Il aurait déjà été assez malheureux pour Strzok et Page de voir leurs textes au ton adolescent tout simplement dévoilés, exposant l’abandon insouciant d’amants maudits qui cachent (pensaient-ils) des secrets aux époux cocufiés, aux collègues du bureau, et à tout le monde. Cependant, pour les comploteurs du « jamais Trump » au FBI, la publication officielle d’une partie seulement (375 sur environ 10 000) des messages, produit considérablement plus de dégâts.
Nous nous trouvons soudain face à des preuves documentées que des éléments clés de la communauté du renseignement avaient essayé de court-circuiter le processus démocratique. Et cela jette un voile nouveau et sombre sur la promotion du Russia-gate qui dure depuis un an. Il apparaît maintenant que ce ne sont pas les Russes qui ont essayé de truquer le résultat des élections américaines, mais des chefs de la communauté de renseignement américaine, des personnages de l’ombre appelés parfois le « Deep State ».
On attend la publication annoncée de plus de messages du dialogue Strzok-Page.
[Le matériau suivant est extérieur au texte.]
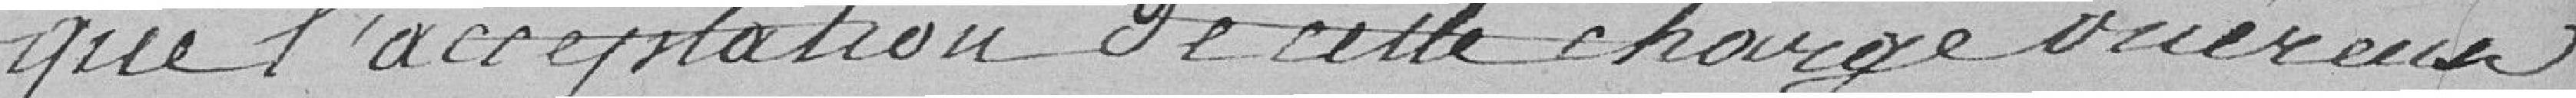
que l'acceptation de cette charge onéreuse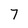
Character: 7
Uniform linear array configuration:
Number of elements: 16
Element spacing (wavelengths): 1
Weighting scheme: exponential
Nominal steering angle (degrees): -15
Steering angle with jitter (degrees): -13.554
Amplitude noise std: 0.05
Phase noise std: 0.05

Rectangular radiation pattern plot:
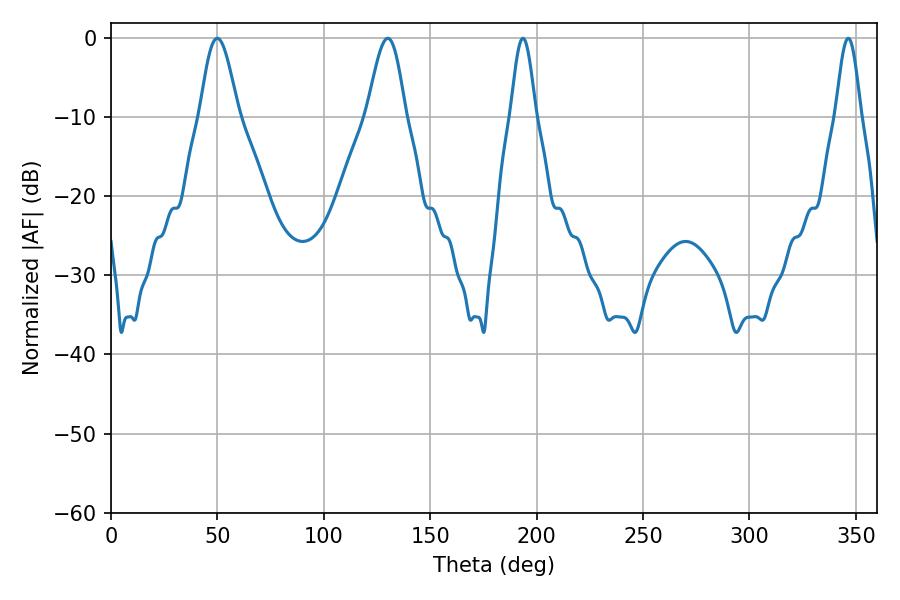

Et l’inspecteur général du Ministère de la Justice possède apparemment des messages additionnels venant d’autres personnes de l’équipe que le conseiller spécial Robert Mueller avait choisi pour l’aider à enquêter sur le Russia-gate.
En plus de provoquer le licenciement de Strzok et Page, la révélation des messages a aussi sonné le glas de la carrière du directeur-adjoint du FBI Andrew McCabe, dans le bureau duquel s’est passé une partie du complot et qui a déjà annoncé son projet de prendre sa retraite bientôt.
Mais la principale victime est la campagne de 18 mois menée par le FBI pour saboter le candidat et actuel président Donald Trump en utilisant l’évaluation des renseignements de l’administration Obama sur le Russia-gate, la surveillance électronique à la légalité douteuse et un dossier salace puant, tout en utilisant des techniques tout aussi discutables pour exonérer Hillary Clinton et ses plus proches conseillers des crimes qui consistent notamment à mentir au FBI et à compromettre des secrets.